The man in the back shouted, "Fourteen ok!" and the next man shouted, "Thirteen ok!" and everyman said their number but when the third man was about to say his a flak shell exploded near the plane and sent shrapnel flying into the plane. The third man was hit in the neck and the man behind me was hit in his waist and thigh. "We have to go!" someone shouted. 
"We wait for the green light!" 
"We'll all be dead before then! We have to go!"
"Wait for that damned light!" 
The light turned green and Keller shouted "Go, go, GO!" One at a time the men approached the door and jumped out into the sky light by exploding shells. As I got to the front I stepped over the body of the man that got hit in the neck. I looked down at him in terror. His face is frozen in his last moment his mouth and eyes are wide open with fear. A piece of metal protrudes from his neck and blood is still flowing from his neck. "Come on Lemog, you're holding everyone up!" shouted Keller. I moved to the door and I stood in the door and I looked out into the night sky. 
Hundreds of Valkyries's under fire filled the air and I saw tens of thousands of white black dots falling down all over the place. "Go!" shouted Keller. I took a deep breath, held it in, and jumped. I fell for a second and then I felt a jerk when my gravchute opened. I looked down to the ground and I saw the flash from the barrels of the former Imperial AA guns, now manned by traitors. I looked strait down below me and I saw the jungle we were supposed to land in. I came down faster and faster and I was going to land in it. I came down in a tree and a fell hitting braches as I went. I hit the ground, and lost the weapon I had been holding.
I was about to go and retrieve the rifle when I heard someone talking. I heard him coming closer and I prayed that he wouldn't see me. And he did not, even tough he passed by me with only a few meters. It must have been to dark for him to see me with his bare eyes.
But then he saw my rifle. He picked it up, and looked around him again, and this time he spotted me. He dropped my Lasgun and he took aim with his own. He aimed the gun at me and I couldn't do anything but stare down the barrel of his rifle. I heard a las fire. The traitors head jerked sideways and he fell to the ground with las burn at the side of his head. I saw Faye appear under the tree and he whispered up to me, "Lemog, you're one lucky bastard." I smiled and picked up my rifle and I whispered to him, "Have you seen Keller?"
"No, I haven't seen anybody."
"Do you know where we are?" 
"I have no idea. Somewhere south of our landing site, I think."
"Damn, we're really off course. We should try and get to the rally point. That's our best shot." 
So we snuck around in the dark trees of the jungle until we finally found a road. Even thought we had found a road we stuck to the woods in case treacherous PDF soldiers came by, which occasionally they did. When day light came we found ourselves at the entrance of a small town occupied by them. We snuck around back of the town and we saw a small barn in a field. They were standing around the barn with their guns at their shoulders. "Looks like they're guarding something." said Faye. I pulled out my binoculars and I looked through them. 
“In the barn I can see five more Guardsmen”.
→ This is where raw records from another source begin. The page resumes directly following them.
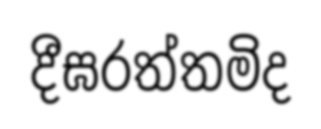
දීඝරත්තමිද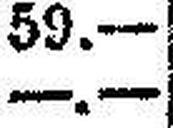
—.—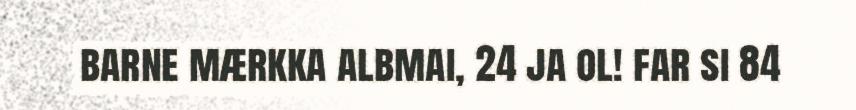
barne mærkka albmai, 24 ja ol! far si 84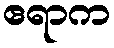
ဧရာက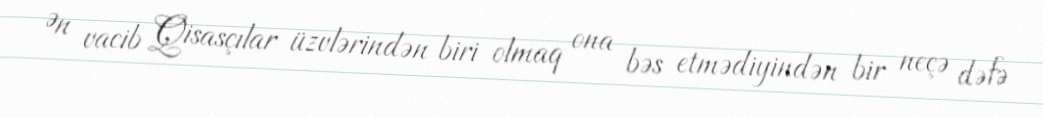
Ən vacib Qisasçılar üzvlərindən biri olmaq ona bəs etmədiyindən bir neçə dəfə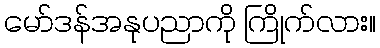
မော်ဒန်အနုပညာကို ကြိုက်လား။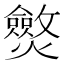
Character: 𤒥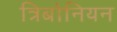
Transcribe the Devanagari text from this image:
त्रिबोनियन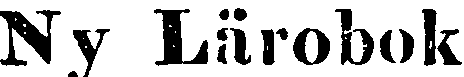
Ny Lärobok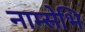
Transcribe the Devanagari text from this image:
नाम्सेभि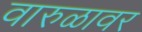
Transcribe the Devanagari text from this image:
वारुळावर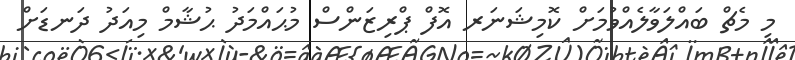
މި މެޗް ބައްލަވާލެއްވުމަށް ކޮމިޝަނަރ އޮފް ޕްރިޒަންސް މުޙައްމަދު ޙުޝާމް މިއަދު ދަނޑަށް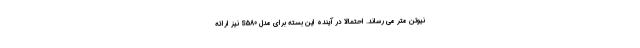
نیوتن متر می رساند. احتمالا در آینده این بسته برای مدل S580 نیز ارائه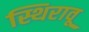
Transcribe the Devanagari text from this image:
स्थिरावू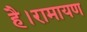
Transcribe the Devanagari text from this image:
है।रामायण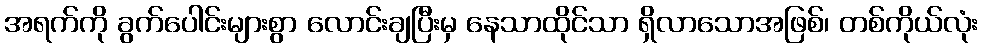
အရက်ကို ခွက်ပေါင်းများစွာ လောင်းချပြီးမှ နေသာထိုင်သာ ရှိလာသောအဖြစ်၊ တစ်ကိုယ်လုံး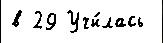
в 29 Учи́лась

One of the men was sitting down smoking a cigarette and staring at the ground. "It's Keller." I said. "We got to help them."
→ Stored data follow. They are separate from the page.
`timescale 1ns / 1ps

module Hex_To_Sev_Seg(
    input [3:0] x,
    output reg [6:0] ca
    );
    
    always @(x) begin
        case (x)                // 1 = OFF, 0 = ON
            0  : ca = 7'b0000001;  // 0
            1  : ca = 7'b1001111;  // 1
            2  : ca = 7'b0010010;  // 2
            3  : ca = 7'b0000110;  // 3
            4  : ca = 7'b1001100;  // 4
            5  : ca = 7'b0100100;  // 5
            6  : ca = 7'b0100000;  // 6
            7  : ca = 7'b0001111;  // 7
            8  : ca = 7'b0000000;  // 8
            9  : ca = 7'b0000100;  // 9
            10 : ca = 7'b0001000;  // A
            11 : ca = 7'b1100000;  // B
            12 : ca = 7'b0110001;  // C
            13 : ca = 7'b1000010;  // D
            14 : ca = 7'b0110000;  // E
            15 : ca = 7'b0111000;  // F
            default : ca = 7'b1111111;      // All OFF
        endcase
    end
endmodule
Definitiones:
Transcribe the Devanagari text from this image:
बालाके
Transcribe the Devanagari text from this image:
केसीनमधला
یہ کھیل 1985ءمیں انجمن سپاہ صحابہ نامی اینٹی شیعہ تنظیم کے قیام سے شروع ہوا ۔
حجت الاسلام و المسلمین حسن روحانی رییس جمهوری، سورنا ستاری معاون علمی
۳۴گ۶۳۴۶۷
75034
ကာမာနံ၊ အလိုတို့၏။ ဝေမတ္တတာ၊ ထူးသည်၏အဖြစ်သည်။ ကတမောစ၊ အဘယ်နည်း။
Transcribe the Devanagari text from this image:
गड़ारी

"There aren't but three PDF soldiers guarding them. There's a tree, near them we can sneak up to it and we can take them out form there." Faye replied.

So we crawled over to the tree and crouched down. I aimed my lasgun at one of the traitors, and Faye aimed his own at one.
"On the count of three," said Faye. "One, two, three-" 

We both fired our Lasgun at the same time and the two fell. Faye shot the third one before he had a chance to return fire at us. We ran up to the barn and we picked up the PDF autoguns and we handed one to Keller and the other two to the two other guardsmen. "The other renegades must have heard the shots. We have to go."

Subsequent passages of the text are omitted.